It was a normal sleepover, for the most part, except the eighth-grade dance was coming up so we were expected to talk about it. It was the first one where boys and girls were actually going together. Reggie had asked me to go with him and Chuck had asked her. Now that we had dates there was the whole question of hand holding and kissing and dancing together.

When we talked about whether we’d kiss them or not, she got this weird look on her face, the same look that I’ve seen all kinds of different girls look at the leading man in Nicholas Sparks movies when the music swells. Then she put her hand on my shoulder and pulled me forward, pressing her soft lips to mine. I kissed her back in a way I wasn’t expecting to know how to, even though something fearful turned in my stomach. We pulled apart and Heather said, “There. Now we’ve both had our first kiss. And it doesn’t matter if it’s good with them.”

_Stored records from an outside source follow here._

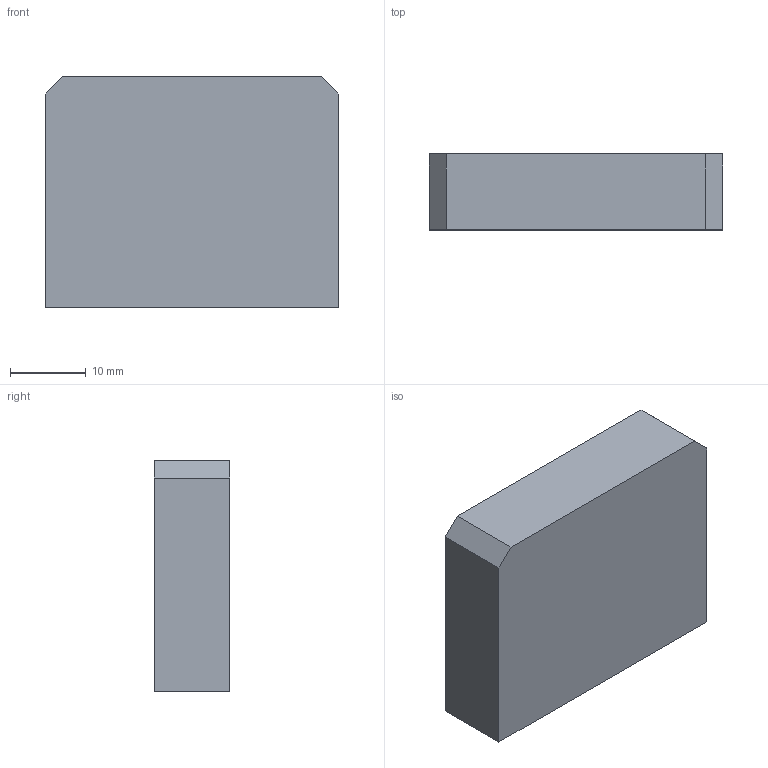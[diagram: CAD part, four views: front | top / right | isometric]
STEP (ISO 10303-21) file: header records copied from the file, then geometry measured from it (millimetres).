
FILE_DESCRIPTION(/* description */ (''),/* implementation_level */ '2;1');
FILE_NAME(/* name */ 'VALVE TOOL CALIBRATION PIECE STEP.step',/* time_stamp */ '2022-05-01T22:21:35+01:00',/* author */ (''),/* organization */ (''),/* preprocessor_version */ 'ST-DEVELOPER v18.1',/* originating_system */ 'Autodesk Translation Framework v10.14.0.1471',/* authorisation */ '');
FILE_SCHEMA (('AUTOMOTIVE_DESIGN { 1 0 10303 214 3 1 1 }'));
Length unit declared in the file: millimetre
Products named in the file (1): VALVE TOOL CALIBRATION PIECE
Bounding box: 38.7 x 10 x 30.3 mm (x, y, z)
Volume: 11675.5 mm3; surface area: 3688.7 mm2
Topology: 1 solids, 1 shells, 8 faces, 18 edges, 12 vertices
Faces by surface type: plane 8
Entity records: 255 total; most frequent: CARTESIAN_POINT 39, ORIENTED_EDGE 36, DIRECTION 36, LINE 18, VECTOR 18, EDGE_CURVE 18, VERTEX_POINT 12, AXIS2_PLACEMENT_3D 9

It wasn’t the last time. Even though we said we did it to practice for the boys, once we started kissing we stopped pretending to care about them, now that we knew how the alternative really felt. We didn’t do more than kiss, and once we were tired of it she’d fall asleep with her head on my chest and I’d wrap my arms around her so tightly that I could feel her heartbeat against my sternum. 

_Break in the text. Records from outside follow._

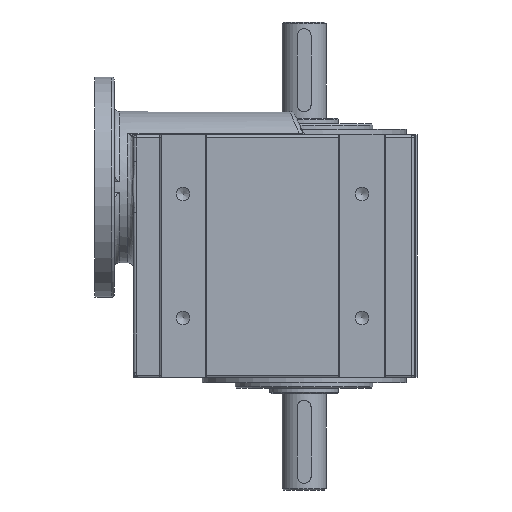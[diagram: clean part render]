
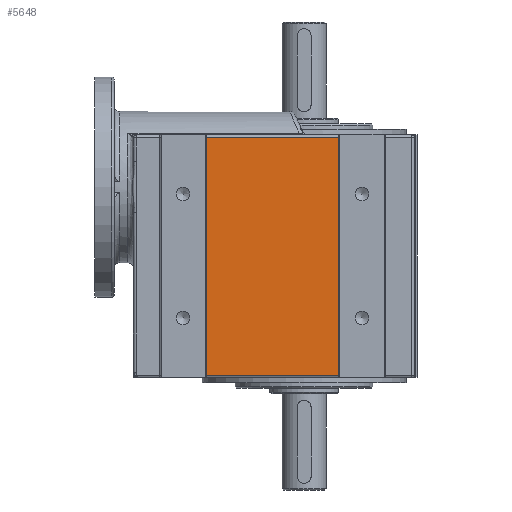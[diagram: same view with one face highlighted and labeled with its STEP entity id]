
A CAD part, front view. The second image highlights one B-rep face of the part: STEP entity #5648.
In plain terms, the highlighted planar face has unit normal (0, -1, 0).
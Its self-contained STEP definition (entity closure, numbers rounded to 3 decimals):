
#5107=CARTESIAN_POINT('',(40.5,-29.,18.));
#5108=VERTEX_POINT('',#5107);
#5153=CARTESIAN_POINT('',(40.5,-29.,-68.5));
#5154=VERTEX_POINT('',#5153);
#5162=CARTESIAN_POINT('',(40.5,-29.,-68.5));
#5163=DIRECTION('',(0.0,0.0,1.0));
#5164=VECTOR('',#5163,86.5);
#5165=LINE('',#5162,#5164);
#5166=EDGE_CURVE('',#5154,#5108,#5165,.T.);
#5404=CARTESIAN_POINT('',(88.5,-29.,-68.5));
#5405=VERTEX_POINT('',#5404);
#5450=CARTESIAN_POINT('',(88.5,-29.,18.));
#5451=VERTEX_POINT('',#5450);
#5459=CARTESIAN_POINT('',(88.5,-29.,18.));
#5460=DIRECTION('',(0.0,0.0,-1.0));
#5461=VECTOR('',#5460,86.5);
#5462=LINE('',#5459,#5461);
#5463=EDGE_CURVE('',#5451,#5405,#5462,.T.);
#5623=CARTESIAN_POINT('',(88.5,-29.,-68.5));
#5624=DIRECTION('',(-1.0,0.0,0.0));
#5625=VECTOR('',#5624,48.);
#5626=LINE('',#5623,#5625);
#5627=EDGE_CURVE('',#5405,#5154,#5626,.T.);
#5632=CARTESIAN_POINT('',(64.5,-29.,-25.));
#5633=DIRECTION('',(0.0,1.0,0.0));
#5634=DIRECTION('',(0.0,0.0,1.0));
#5635=AXIS2_PLACEMENT_3D('',#5632,#5633,#5634);
#5636=PLANE('',#5635);
#5637=ORIENTED_EDGE('',*,*,#5166,.F.);
#5638=ORIENTED_EDGE('',*,*,#5627,.F.);
#5639=ORIENTED_EDGE('',*,*,#5463,.F.);
#5640=CARTESIAN_POINT('',(40.5,-29.,18.));
#5641=DIRECTION('',(1.0,0.0,0.0));
#5642=VECTOR('',#5641,48.);
#5643=LINE('',#5640,#5642);
#5644=EDGE_CURVE('',#5108,#5451,#5643,.T.);
#5645=ORIENTED_EDGE('',*,*,#5644,.F.);
#5646=EDGE_LOOP('',(#5637,#5638,#5639,#5645));
#5647=FACE_OUTER_BOUND('',#5646,.T.);
#5648=ADVANCED_FACE('',(#5647),#5636,.F.);

The porch, illuminated by one single flickering light, is unbearably silent this time of night. With the property around the Sisters shrouded in darkness, it seems like the nothingness goes on for miles and miles. I imagine myself bolting into it, disappearing back into the trail that brought me here, and never coming back. But I know Sister Woodhouse is right inside just waiting for me to misstep, so instead I dig my ankles into the bottoms of my shoes.

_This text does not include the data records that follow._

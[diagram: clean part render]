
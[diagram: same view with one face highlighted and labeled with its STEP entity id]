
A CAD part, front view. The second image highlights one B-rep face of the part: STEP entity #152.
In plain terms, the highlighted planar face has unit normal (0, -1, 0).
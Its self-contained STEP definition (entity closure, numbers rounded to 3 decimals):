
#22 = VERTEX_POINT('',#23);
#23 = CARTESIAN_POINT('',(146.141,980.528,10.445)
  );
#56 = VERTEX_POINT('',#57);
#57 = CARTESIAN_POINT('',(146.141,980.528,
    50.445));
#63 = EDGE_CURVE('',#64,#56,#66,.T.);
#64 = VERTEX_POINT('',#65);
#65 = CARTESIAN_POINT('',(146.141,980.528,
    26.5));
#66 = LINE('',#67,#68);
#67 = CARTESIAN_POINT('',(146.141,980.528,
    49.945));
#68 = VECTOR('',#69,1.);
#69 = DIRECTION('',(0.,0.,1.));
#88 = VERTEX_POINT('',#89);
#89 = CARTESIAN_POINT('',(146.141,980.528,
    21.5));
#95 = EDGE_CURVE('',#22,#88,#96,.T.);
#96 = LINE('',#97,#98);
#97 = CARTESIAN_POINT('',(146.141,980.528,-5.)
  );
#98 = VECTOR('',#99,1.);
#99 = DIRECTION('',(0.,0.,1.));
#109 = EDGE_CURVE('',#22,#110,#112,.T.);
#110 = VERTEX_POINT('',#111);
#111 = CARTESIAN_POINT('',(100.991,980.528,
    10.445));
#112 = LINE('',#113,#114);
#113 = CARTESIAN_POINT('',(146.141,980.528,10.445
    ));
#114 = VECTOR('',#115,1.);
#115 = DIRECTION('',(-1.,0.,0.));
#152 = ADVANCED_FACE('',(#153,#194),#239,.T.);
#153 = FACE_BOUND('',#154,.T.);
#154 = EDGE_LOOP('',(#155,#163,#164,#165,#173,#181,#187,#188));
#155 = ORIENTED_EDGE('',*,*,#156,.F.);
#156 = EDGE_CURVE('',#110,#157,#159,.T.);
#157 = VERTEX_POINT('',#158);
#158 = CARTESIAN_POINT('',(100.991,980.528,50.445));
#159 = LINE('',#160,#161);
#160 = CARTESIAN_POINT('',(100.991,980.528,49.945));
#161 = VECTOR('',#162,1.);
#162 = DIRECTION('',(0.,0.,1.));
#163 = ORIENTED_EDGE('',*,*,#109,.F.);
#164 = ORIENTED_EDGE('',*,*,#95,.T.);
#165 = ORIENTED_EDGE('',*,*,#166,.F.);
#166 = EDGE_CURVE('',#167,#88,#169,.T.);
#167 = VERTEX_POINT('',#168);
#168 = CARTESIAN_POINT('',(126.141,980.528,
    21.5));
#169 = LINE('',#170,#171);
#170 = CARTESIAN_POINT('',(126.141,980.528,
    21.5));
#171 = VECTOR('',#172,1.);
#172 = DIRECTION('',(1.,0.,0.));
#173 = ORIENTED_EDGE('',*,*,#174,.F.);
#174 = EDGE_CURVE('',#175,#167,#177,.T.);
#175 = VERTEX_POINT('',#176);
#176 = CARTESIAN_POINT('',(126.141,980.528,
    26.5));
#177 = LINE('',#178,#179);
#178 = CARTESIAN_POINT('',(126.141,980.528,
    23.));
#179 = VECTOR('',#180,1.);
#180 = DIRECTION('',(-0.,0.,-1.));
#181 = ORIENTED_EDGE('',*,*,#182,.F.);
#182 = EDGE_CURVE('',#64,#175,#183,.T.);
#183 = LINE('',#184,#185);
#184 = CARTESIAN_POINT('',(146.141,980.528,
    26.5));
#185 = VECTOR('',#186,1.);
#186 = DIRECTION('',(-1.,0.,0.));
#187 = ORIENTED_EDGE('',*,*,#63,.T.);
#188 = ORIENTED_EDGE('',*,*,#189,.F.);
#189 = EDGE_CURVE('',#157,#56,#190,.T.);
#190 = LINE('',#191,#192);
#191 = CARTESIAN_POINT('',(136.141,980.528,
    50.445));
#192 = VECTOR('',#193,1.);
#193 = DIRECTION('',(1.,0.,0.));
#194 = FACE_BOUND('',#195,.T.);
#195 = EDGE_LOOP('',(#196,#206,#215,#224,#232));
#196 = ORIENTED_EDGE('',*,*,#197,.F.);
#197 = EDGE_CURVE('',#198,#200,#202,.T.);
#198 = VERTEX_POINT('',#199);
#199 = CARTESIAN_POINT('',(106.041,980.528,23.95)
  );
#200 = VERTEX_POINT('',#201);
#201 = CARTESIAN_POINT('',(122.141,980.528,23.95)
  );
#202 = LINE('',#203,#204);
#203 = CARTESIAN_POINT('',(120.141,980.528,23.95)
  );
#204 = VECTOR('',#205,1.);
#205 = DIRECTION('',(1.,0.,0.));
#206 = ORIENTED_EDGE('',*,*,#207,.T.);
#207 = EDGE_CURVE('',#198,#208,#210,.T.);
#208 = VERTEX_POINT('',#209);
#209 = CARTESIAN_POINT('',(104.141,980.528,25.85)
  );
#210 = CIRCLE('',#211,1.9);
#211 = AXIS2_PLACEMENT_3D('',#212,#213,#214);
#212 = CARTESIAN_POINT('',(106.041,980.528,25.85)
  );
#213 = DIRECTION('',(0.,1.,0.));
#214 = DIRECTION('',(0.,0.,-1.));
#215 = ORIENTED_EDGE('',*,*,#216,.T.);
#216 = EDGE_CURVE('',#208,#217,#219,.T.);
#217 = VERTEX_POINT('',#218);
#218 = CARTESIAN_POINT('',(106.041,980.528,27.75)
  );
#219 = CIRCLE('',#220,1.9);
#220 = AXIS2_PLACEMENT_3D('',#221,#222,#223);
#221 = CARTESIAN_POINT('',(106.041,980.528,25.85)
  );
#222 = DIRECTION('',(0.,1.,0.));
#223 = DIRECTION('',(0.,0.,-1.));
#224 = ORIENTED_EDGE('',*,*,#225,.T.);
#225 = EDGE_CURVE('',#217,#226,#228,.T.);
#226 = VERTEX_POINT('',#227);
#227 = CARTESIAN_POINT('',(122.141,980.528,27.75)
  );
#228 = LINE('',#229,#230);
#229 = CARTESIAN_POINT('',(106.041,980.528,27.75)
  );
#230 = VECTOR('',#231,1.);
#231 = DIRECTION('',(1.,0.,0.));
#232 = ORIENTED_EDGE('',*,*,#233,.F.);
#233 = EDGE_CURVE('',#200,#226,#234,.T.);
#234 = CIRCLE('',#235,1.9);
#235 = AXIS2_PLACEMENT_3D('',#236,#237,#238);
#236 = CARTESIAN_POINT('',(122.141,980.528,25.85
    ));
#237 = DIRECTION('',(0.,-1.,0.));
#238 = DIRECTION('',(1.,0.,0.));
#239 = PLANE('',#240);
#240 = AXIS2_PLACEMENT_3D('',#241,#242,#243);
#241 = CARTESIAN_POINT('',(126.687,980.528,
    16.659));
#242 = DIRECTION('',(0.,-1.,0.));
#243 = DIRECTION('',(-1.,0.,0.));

“Hey.” I hear a voice from behind me. “You alright?”

Toni sits down on the porch next to me, leaving a good half-foot of space between us. “Yeah, I’m fine. Just wanted some air.”

Today was rough. The Sisters had us run laps around the property, over and over and over again until we passed out or threw up. In group, Moose admitted to thinking about holding hands with a boy and the Sisters withheld dinner from him as a punishment. Sister Grump, which is what I’ve taken to calling the short, mean woman who made me carry sandbags, tore into me during group for refusing to share out about the sins I’ve committed.

“How are you holding up?”

I shrug, “I’ve been better. I’ve been worse.”

“Yeah. The first few days are the hardest. The nuns really tear into you. It’s not too bad, really, later. You get used to it.”

“How long have you been here?”

“Three months.” Toni says, slowly, like she can’t remember what her life was like three months ago, when she wasn’t here.

“Have you ever tried to leave?” I ask, looking over at the wide expanse of nothingness.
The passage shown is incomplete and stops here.